ACTION ITEM
From the entries that follow, gather each line holding the word "path".

Extracted data entries
_____

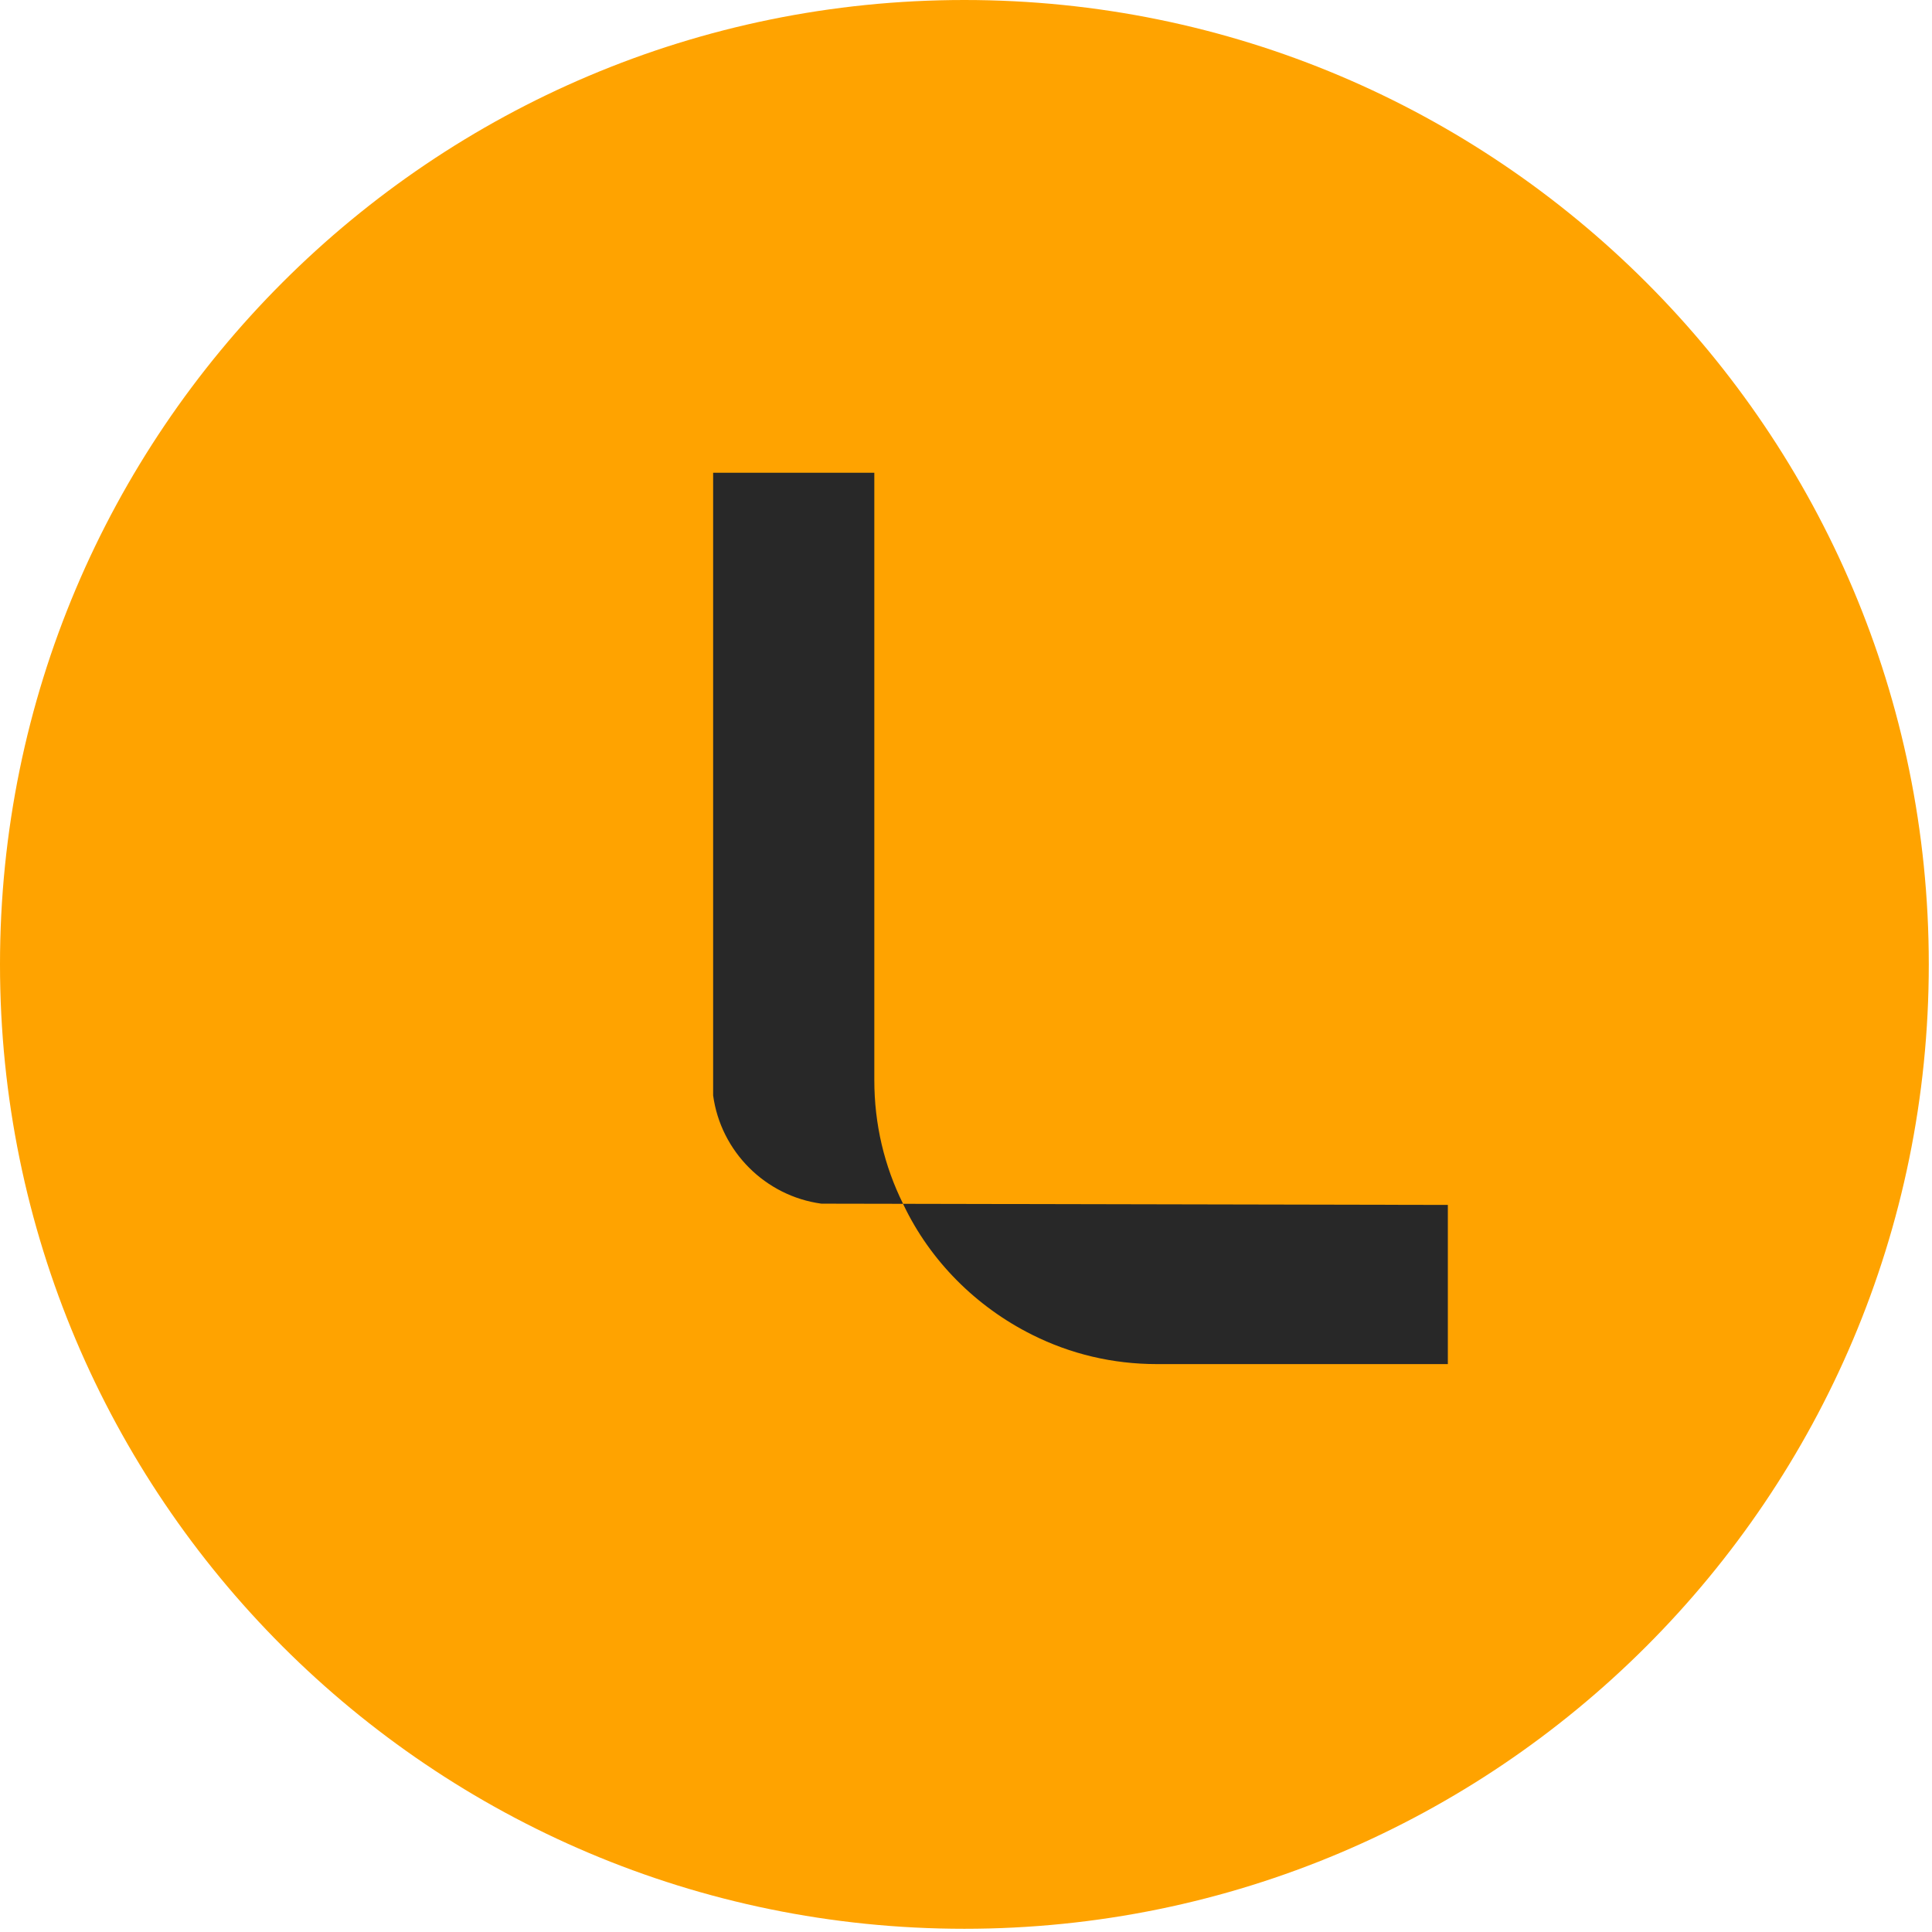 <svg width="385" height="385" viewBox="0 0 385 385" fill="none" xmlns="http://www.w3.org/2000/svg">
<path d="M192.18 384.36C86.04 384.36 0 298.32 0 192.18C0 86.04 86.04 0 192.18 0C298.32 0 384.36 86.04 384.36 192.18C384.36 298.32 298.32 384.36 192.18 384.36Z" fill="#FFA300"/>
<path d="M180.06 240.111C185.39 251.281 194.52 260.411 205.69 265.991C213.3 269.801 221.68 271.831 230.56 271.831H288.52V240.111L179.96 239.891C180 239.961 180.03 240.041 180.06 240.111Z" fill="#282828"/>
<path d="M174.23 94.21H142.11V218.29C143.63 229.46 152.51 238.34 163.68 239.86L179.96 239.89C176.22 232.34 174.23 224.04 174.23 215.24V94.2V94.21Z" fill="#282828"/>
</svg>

_____

ANSWER TO THIS EXERCISE
<path d="M192.18 384.36C86.04 384.36 0 298.32 0 192.18C0 86.04 86.04 0 192.18 0C298.32 0 384.36 86.04 384.36 192.18C384.36 298.32 298.32 384.36 192.18 384.36Z" fill="#FFA300"/>
<path d="M180.06 240.111C185.39 251.281 194.52 260.411 205.69 265.991C213.3 269.801 221.68 271.831 230.56 271.831H288.52V240.111L179.96 239.891C180 239.961 180.03 240.041 180.06 240.111Z" fill="#282828"/>
<path d="M174.23 94.21H142.11V218.29C143.63 229.46 152.51 238.34 163.68 239.86L179.96 239.89C176.22 232.34 174.23 224.04 174.23 215.24V94.2V94.21Z" fill="#282828"/>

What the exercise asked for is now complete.